- [Your task]: Every entry should be duplicated verbatim, and no picture may appear in the copy.

===== The records

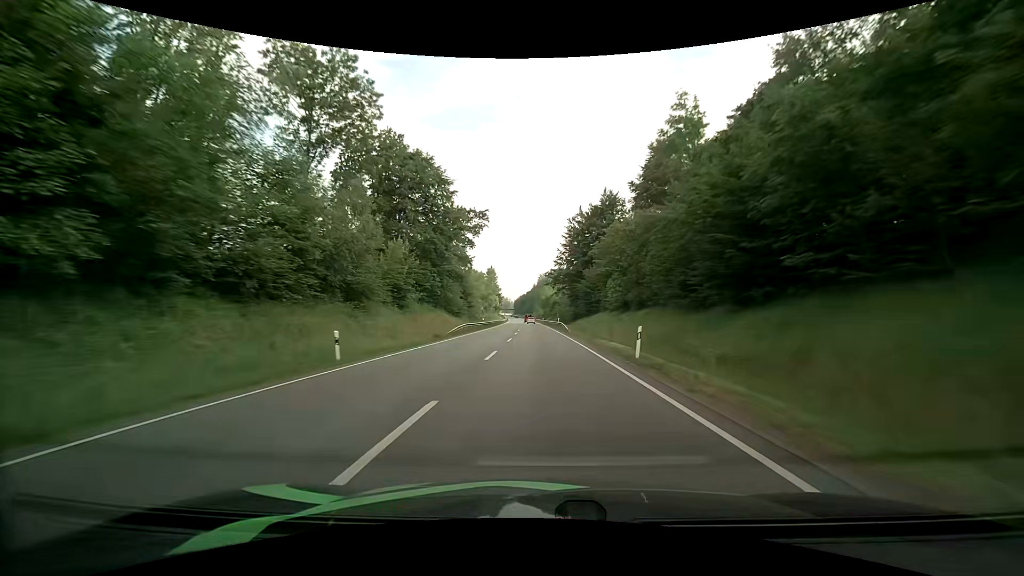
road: primary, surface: asphalt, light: Day
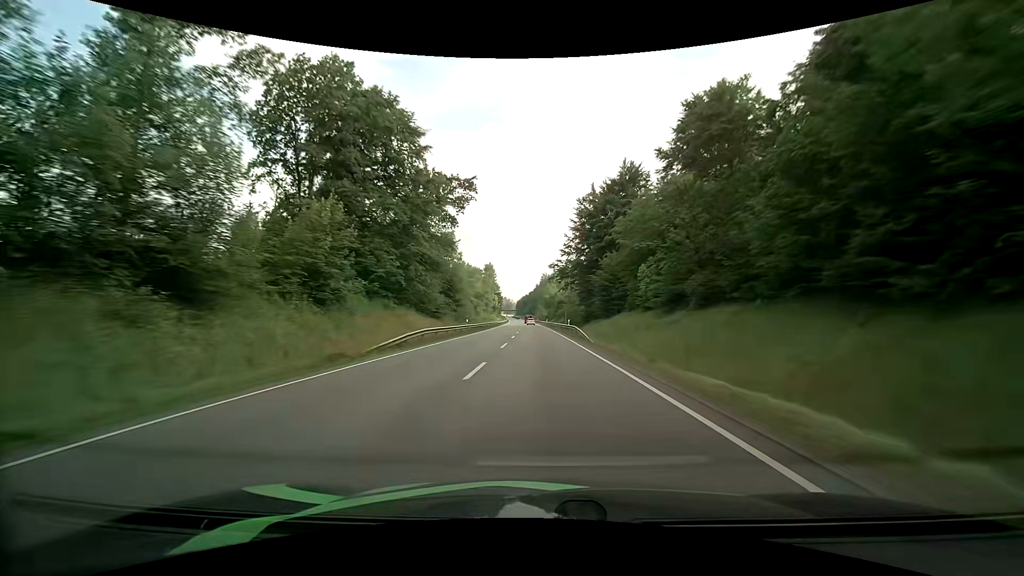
(-0.1, +16.9) m; 0°
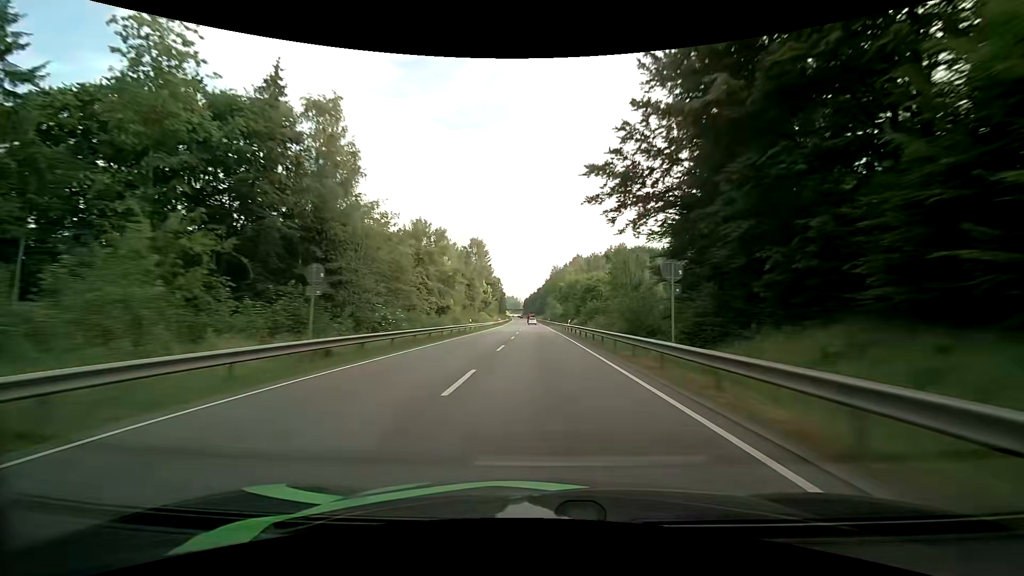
(-0.5, +50.7) m; -1°
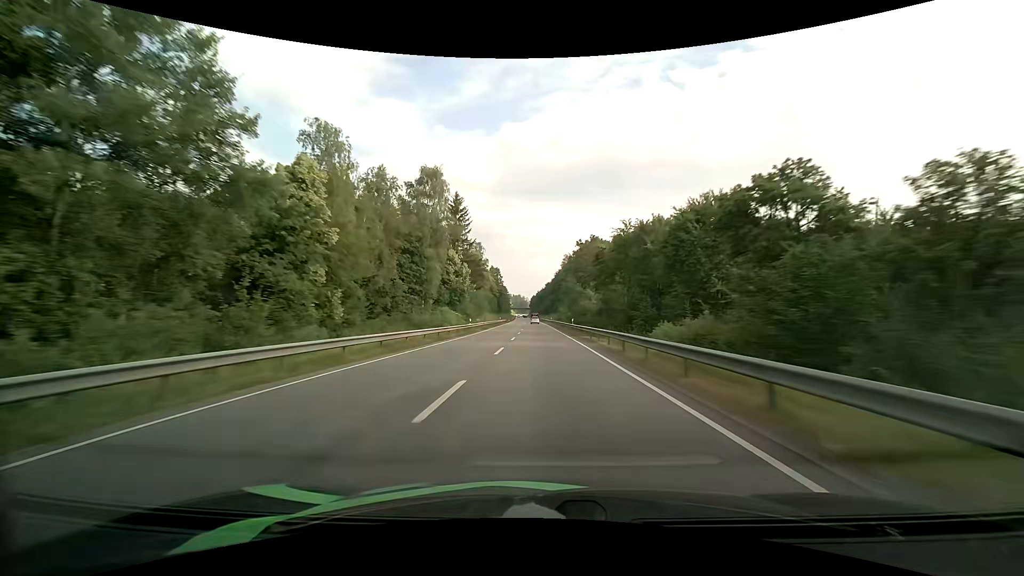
(-0.3, +49.9) m; -1°
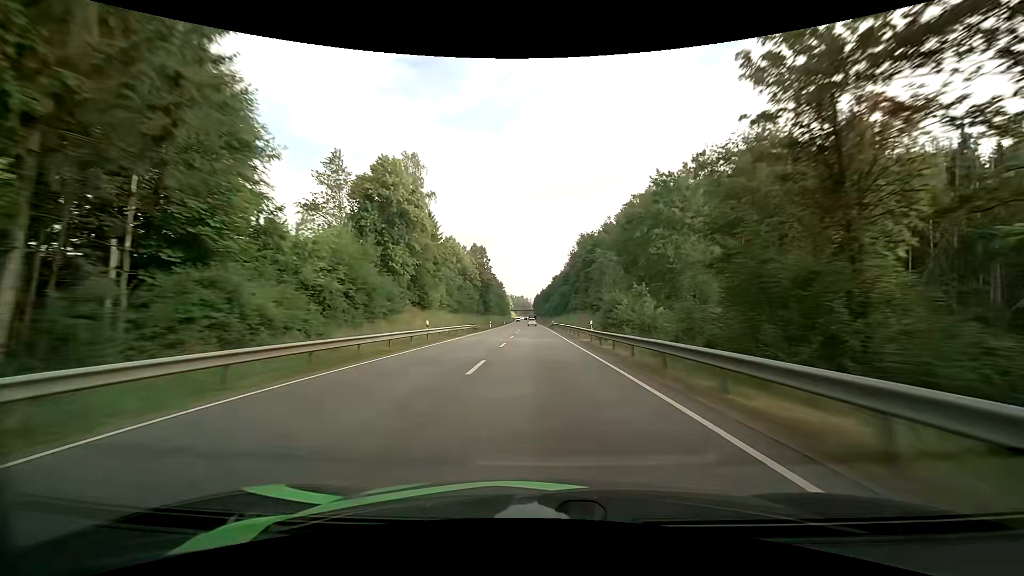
(-0.3, +66.5) m; -1°
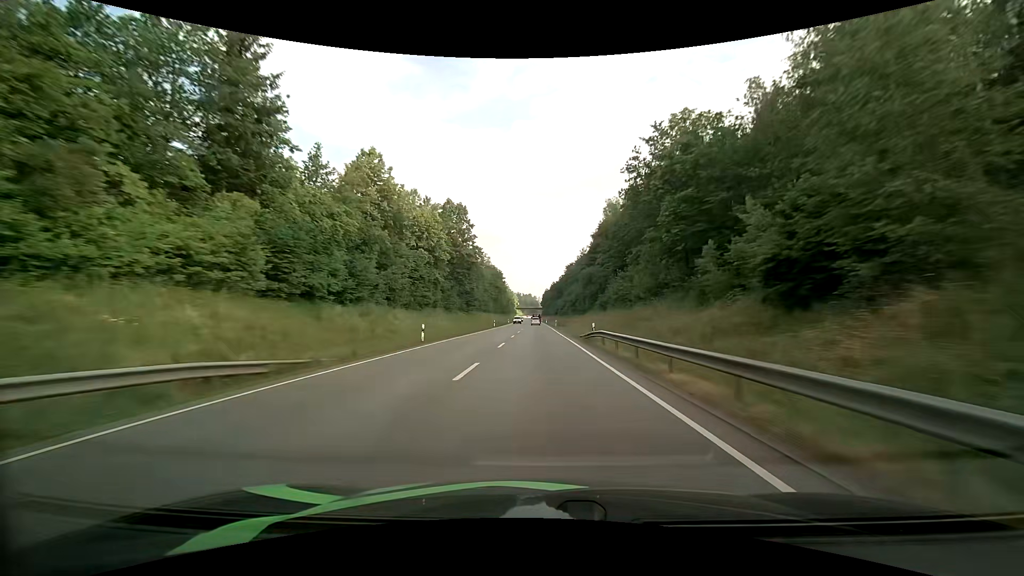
(-0.3, +49.1) m; -1°
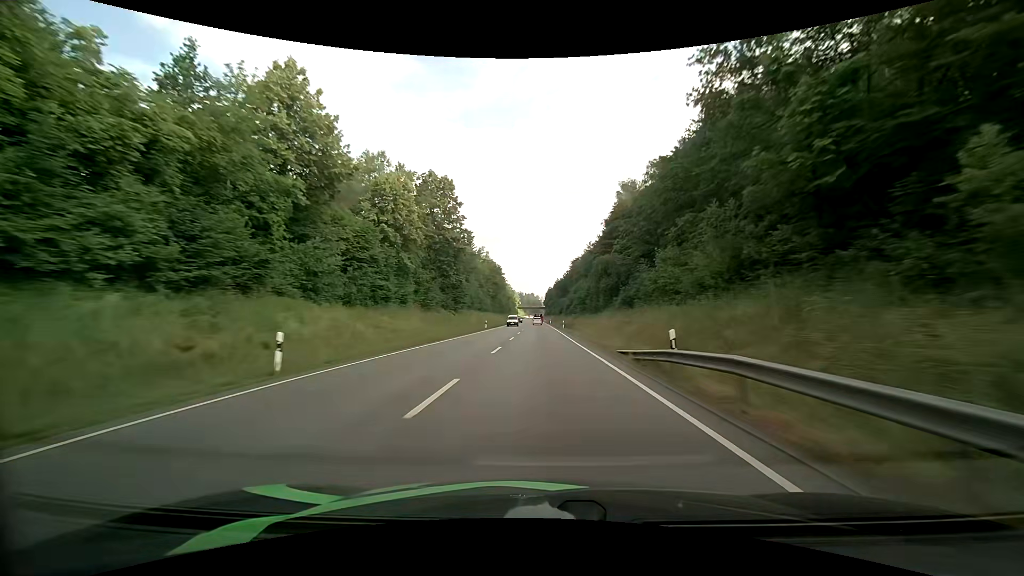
(0.0, +16.1) m; 0°
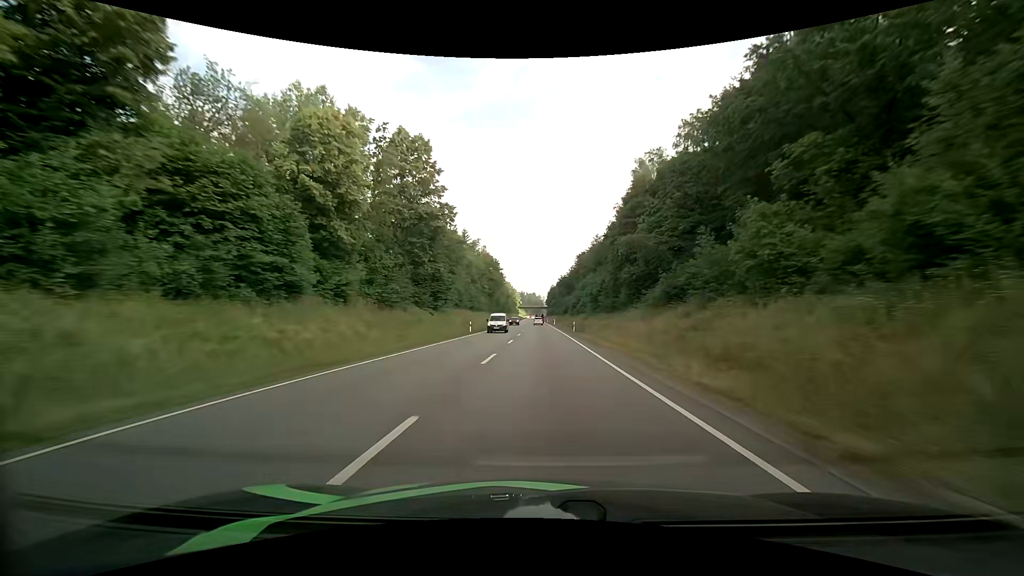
(-0.1, +16.0) m; 0°
(0, +10) (0, +20) (0, +30) (0, +40) (0, +50) (0, +60) (0, +70) (0, +80) (0, +90) (-1, +100) m

==========

- [Task response]:
road: primary, surface: asphalt, light: Day
(-0.1, +16.9) m; 0°
(-0.5, +50.7) m; -1°
(-0.3, +49.9) m; -1°
(-0.3, +66.5) m; -1°
(-0.3, +49.1) m; -1°
(0.0, +16.1) m; 0°
(-0.1, +16.0) m; 0°
(0, +10) (0, +20) (0, +30) (0, +40) (0, +50) (0, +60) (0, +70) (0, +80) (0, +90) (-1, +100) m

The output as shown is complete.